Top of Supplied records
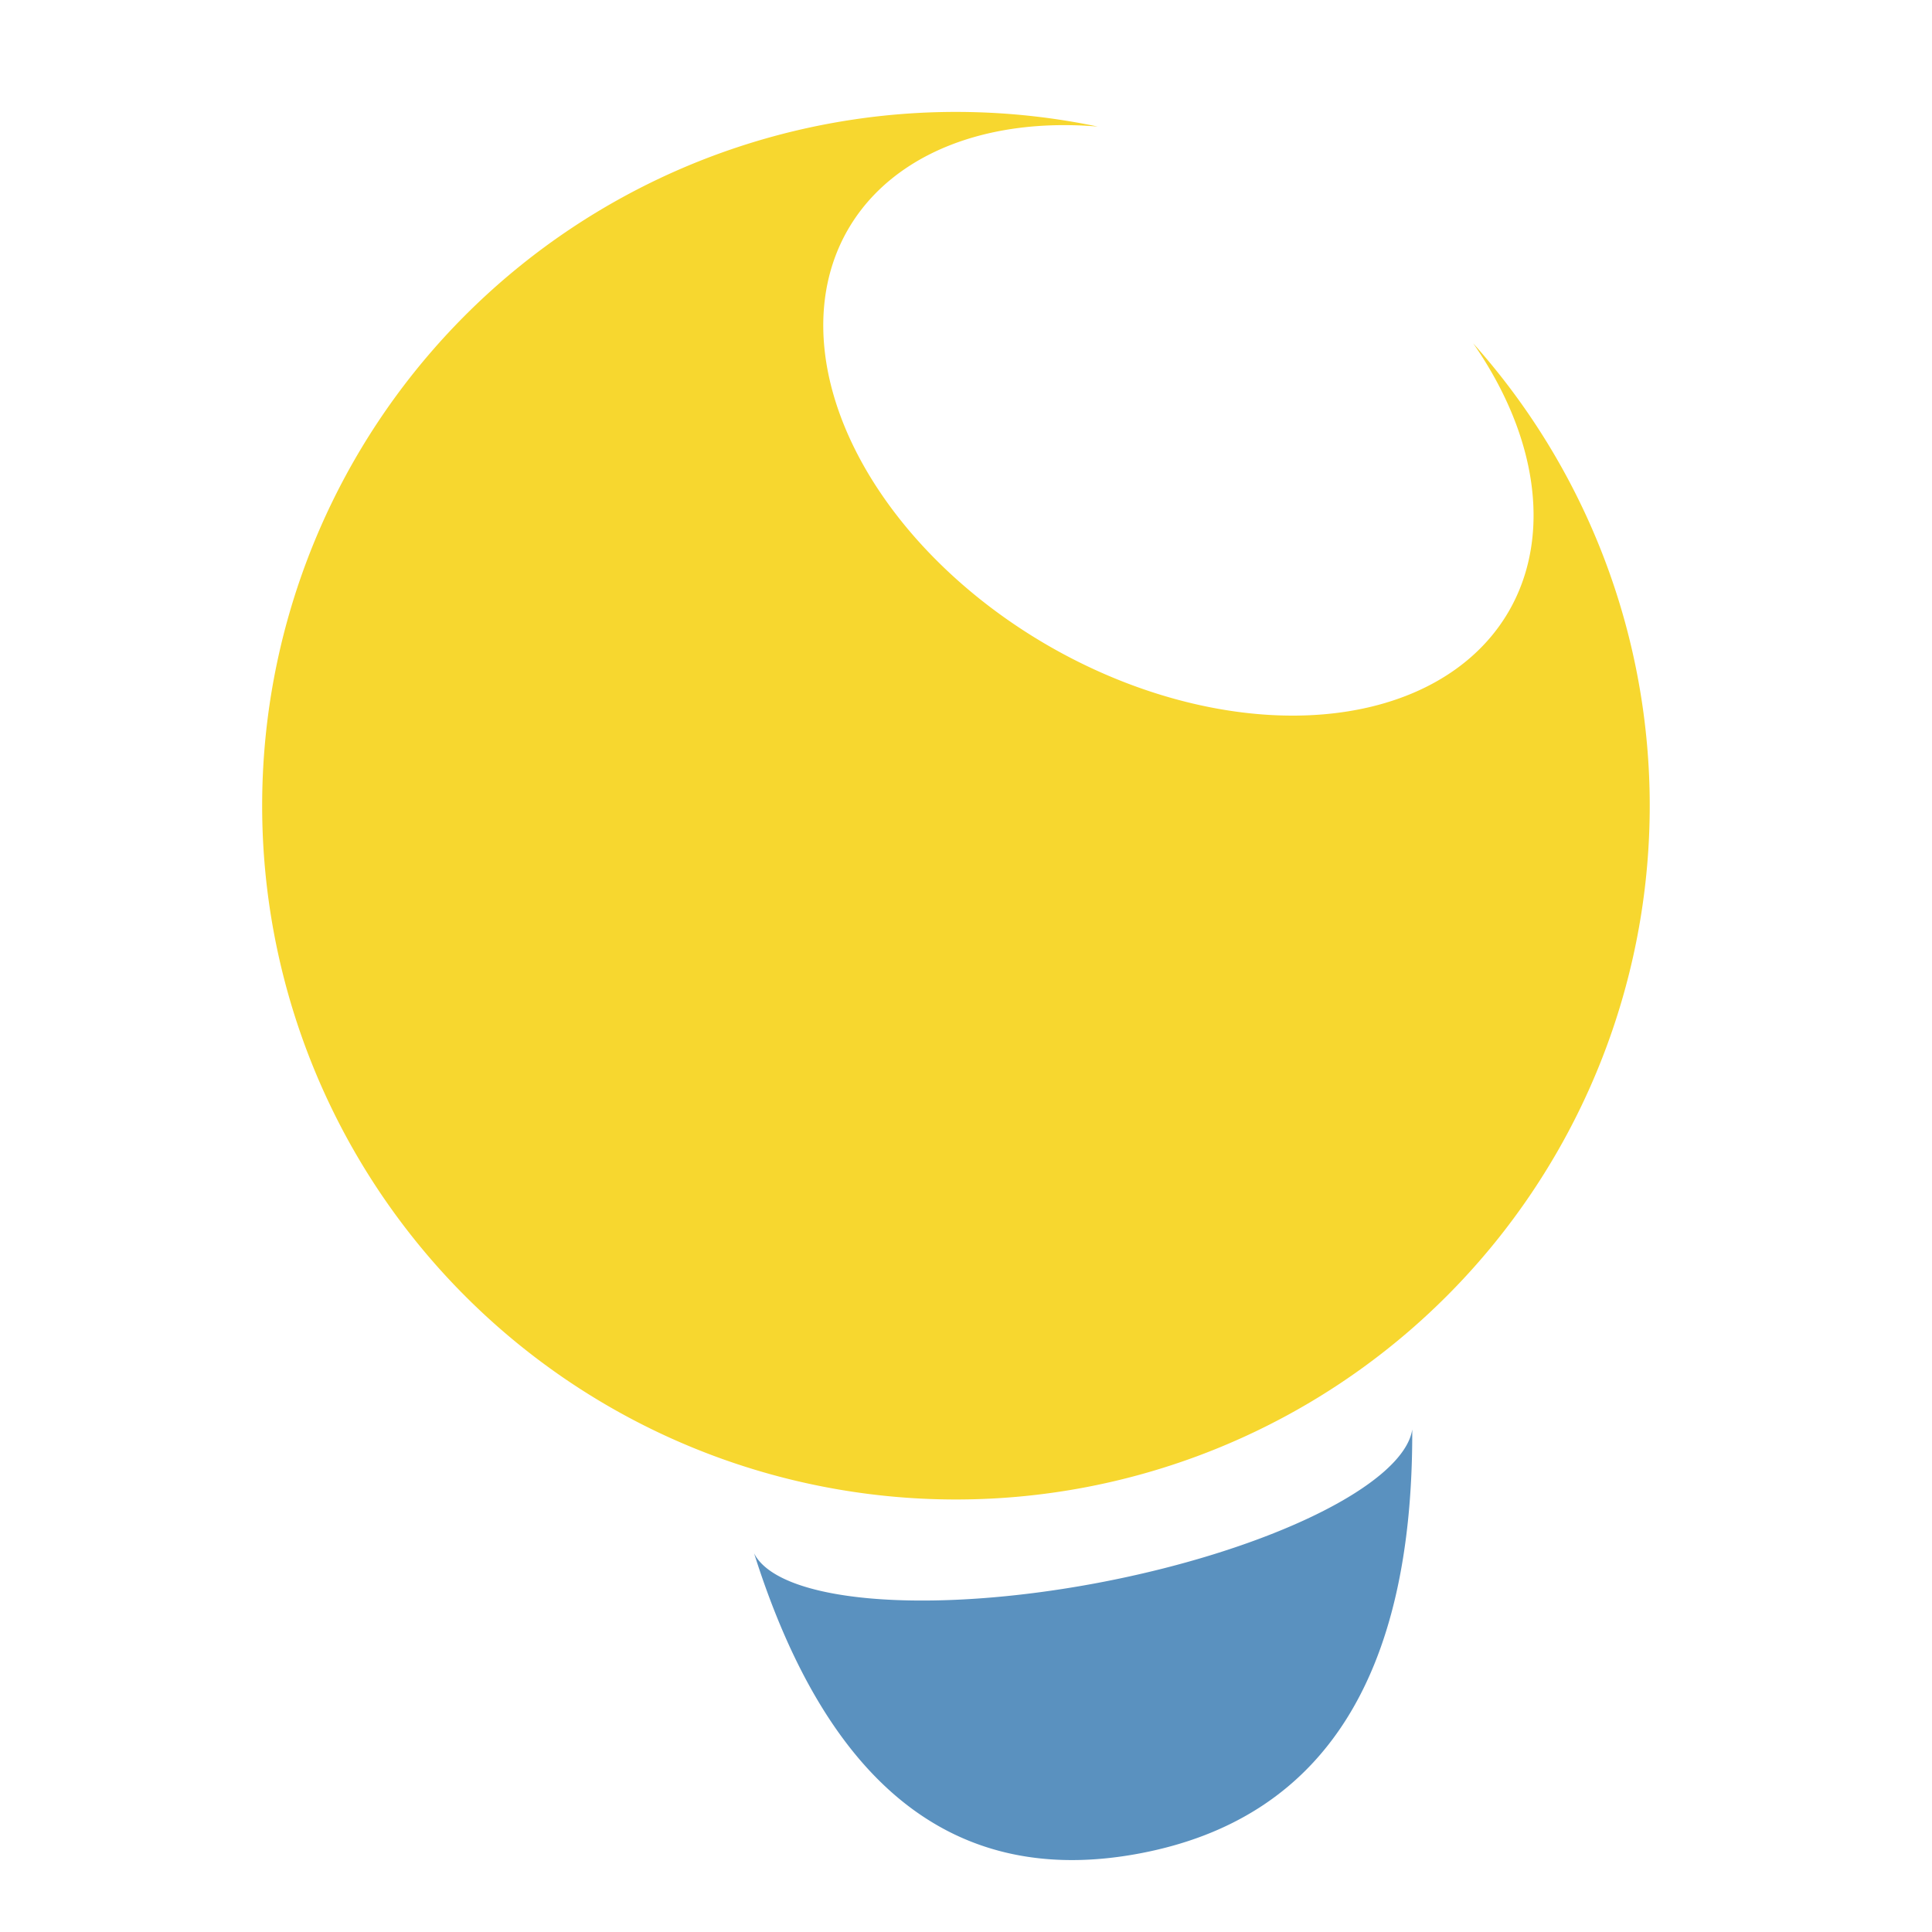 <?xml version="1.0" encoding="UTF-8" standalone="no"?>
<svg
   version="1.1"
   viewBox="0 0 128 128"
   fill="none"
   stroke="none"
   id="opvious-logo"
   width="128"
   height="128"
   xmlns="http://www.w3.org/2000/svg"
   xmlns:svg="http://www.w3.org/2000/svg">
  <path
    id="bulb"
    fill="#f7d72f"
    transform="rotate(30,86.814,-37.347)"
    d="m 97.479,9.302 a 45.965,45.965 0 1 0 28.728,0 25.281,17.237 0 1 1 -28.728,0 z" />
  <path
    id="screw"
    fill="#5a91bf"
    d="m 49.961,102.911 q 7.363,23.306 25.531,19.886 18.168,-3.42 18.073,-28.093 a 6.789,22.289 79.152 0 1 -43.604,8.207" />
</svg>
Bottom of Supplied records
- **Aim of the task**
Would you please retype all the data exactly? Leave out whatever pictures it holds.

- **Completed task**
 <?xml version="1.0" encoding="UTF-8" standalone="no"?>
<svg
   version="1.1"
   viewBox="0 0 128 128"
   fill="none"
   stroke="none"
   id="opvious-logo"
   width="128"
   height="128"
   xmlns="http://www.w3.org/2000/svg"
   xmlns:svg="http://www.w3.org/2000/svg">
  <path
    id="bulb"
    fill="#f7d72f"
    transform="rotate(30,86.814,-37.347)"
    d="m 97.479,9.302 a 45.965,45.965 0 1 0 28.728,0 25.281,17.237 0 1 1 -28.728,0 z" />
  <path
    id="screw"
    fill="#5a91bf"
    d="m 49.961,102.911 q 7.363,23.306 25.531,19.886 18.168,-3.42 18.073,-28.093 a 6.789,22.289 79.152 0 1 -43.604,8.207" />
</svg>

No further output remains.